Wednesday, March 19, 2003 | 9:32 a.m.

A Clark County citizens task force considering changes in the public hospital system met Tuesday and recommended funneling most uninsured patients through a few county Quick Care Centers and federal clinics.

The county would have trained personnel at the sites who could help the patients apply for federal or state aid -- a move that would ease the University Medical Center's chronic fiscal ailment, county staff members hope.

The recommendation got the qualified support of both the union representing the staff at the medical system and a community coalition, Las Vegans for Affordable Health Care. Both Ben Contine, with the community coalition, and Maryanne Salm, political director with the Service Employees International Union Local 1107, said the basic idea is sound: The county needs to do whatever can be done to bring in more money for treating the increasing numbers of uninsured and often indigent patients that it treats.

However, both also said an adequate number of clinics, geographically distributed across the urban area, need to be ready to accept the uninsured patients.

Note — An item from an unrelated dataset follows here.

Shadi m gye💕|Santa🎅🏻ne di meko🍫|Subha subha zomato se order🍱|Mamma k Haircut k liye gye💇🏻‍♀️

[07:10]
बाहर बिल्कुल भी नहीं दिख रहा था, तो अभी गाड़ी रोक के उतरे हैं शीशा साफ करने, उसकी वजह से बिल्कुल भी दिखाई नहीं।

The suggestion, which the Clark County Commission would have to enact, is part of a larger plan to more aggressively collect payment information from non-emergency patients.

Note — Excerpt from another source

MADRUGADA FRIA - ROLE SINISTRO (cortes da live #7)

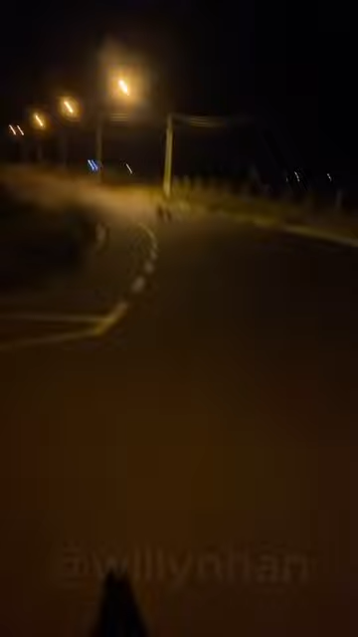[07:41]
Os cachorros vêm mesmo, tio. Sai, sai, sai, filho. Sai, agora eu vou correr atrás de vocês agora. Agora eu vou com vocês. Passa, passa, passa, passa. Cachorro forgado, corre atrás de mim, eu corro atrás deles,

The list of those Quick Cares and other clinics that would take the uninsured patients, or at least those without medical emergencies, is still up in the air. The task force will consider those options later.

The task force members representing industry, labor and academic sectors were appointed by the county in response to financial troubles rocking the system. The county commission in December provided $38 million to keep the system afloat and earlier this year announced it would reduce hours at the McCarran Quick Care on Russell Road and lay off three dozen system employees, some of them doctors and nurses who work for the Quick Cares.

The task force and a half-dozen associated focus groups are expected to meet over the next six months on the issue.